It's been more than 6 weeks now that I had acdf c-5/6. Still feeling worse than before. I started P/T 4 weeks post op,surgeon said no more. As long as I do my stretches at home. At some point I can try massage therapy.
I have been working since week 2. First just 1/2 days. Now full blown 8-10 hour days. I don't have a strenous job but do have to be upright & "on".
I had a visit w/ surgeon last week after p/t left me cold & numb for hours. Xray looks as it should. Next will hope to see fusion starting. Still feeling more pain,but less numbness in upper arm, same numbness in wrist & fingers as before surgery. Reminded again 1 1/2 years to heal.

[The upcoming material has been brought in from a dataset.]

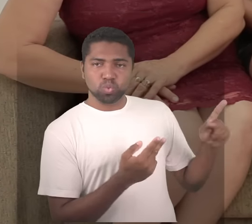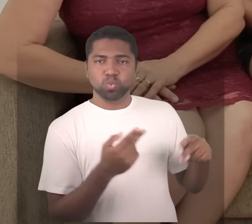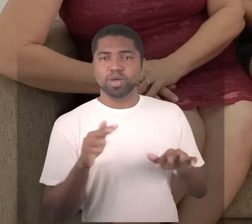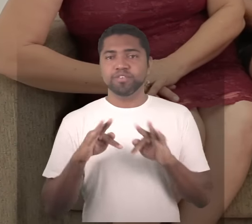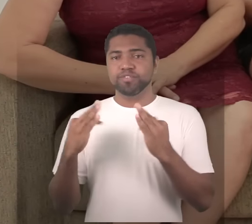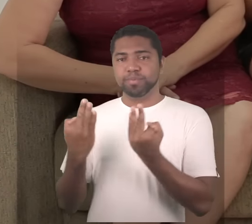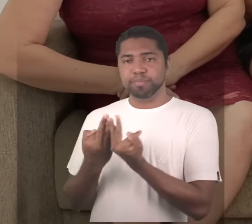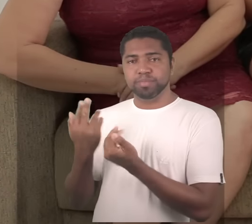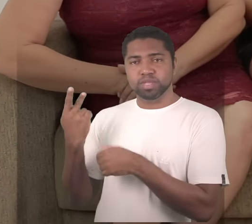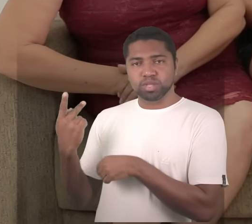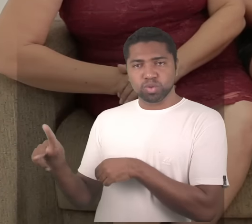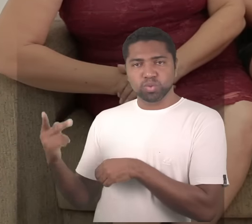socialização

Now I have my husband whose friend had acdf c-6/7 2 weeks after mine. He went home the same day. He didn't have to stay on morphine pump for 3 days. He is back to work. He is doing fine. He doesn't take pain meds like you. I honestly believe that he thinks I enjoy taking pain meds. I have never been on pain meds for longer than a few days for dental work. Even though he has gone through this with me. What am I supposed to do. I hurt,I feel, I am in pain. I am in no way "getting high" on pain meds. I don't think my pain meds are very strong at all. It never takes all of the pain away but it does lessen it. I am currently on perc. 5/325. Now that will change to something that I do not have to physically go in to get. That's what Dr. said last week.
I have done my best to be strong. I have never been one to lie down & be sick. I admit this has taken it's toll on me. It's all I can do to get up in the morning to go to work & come home & basically make dinner & go to bed as I am unable to do much of anything else.I do not like what this has done to my life, I do not like what it has done to my family, I do not like to be made to feel like a junkie. I am confident that I will soon be better.
I do hope I can soon post a good post op. I'm sorry for the ramble.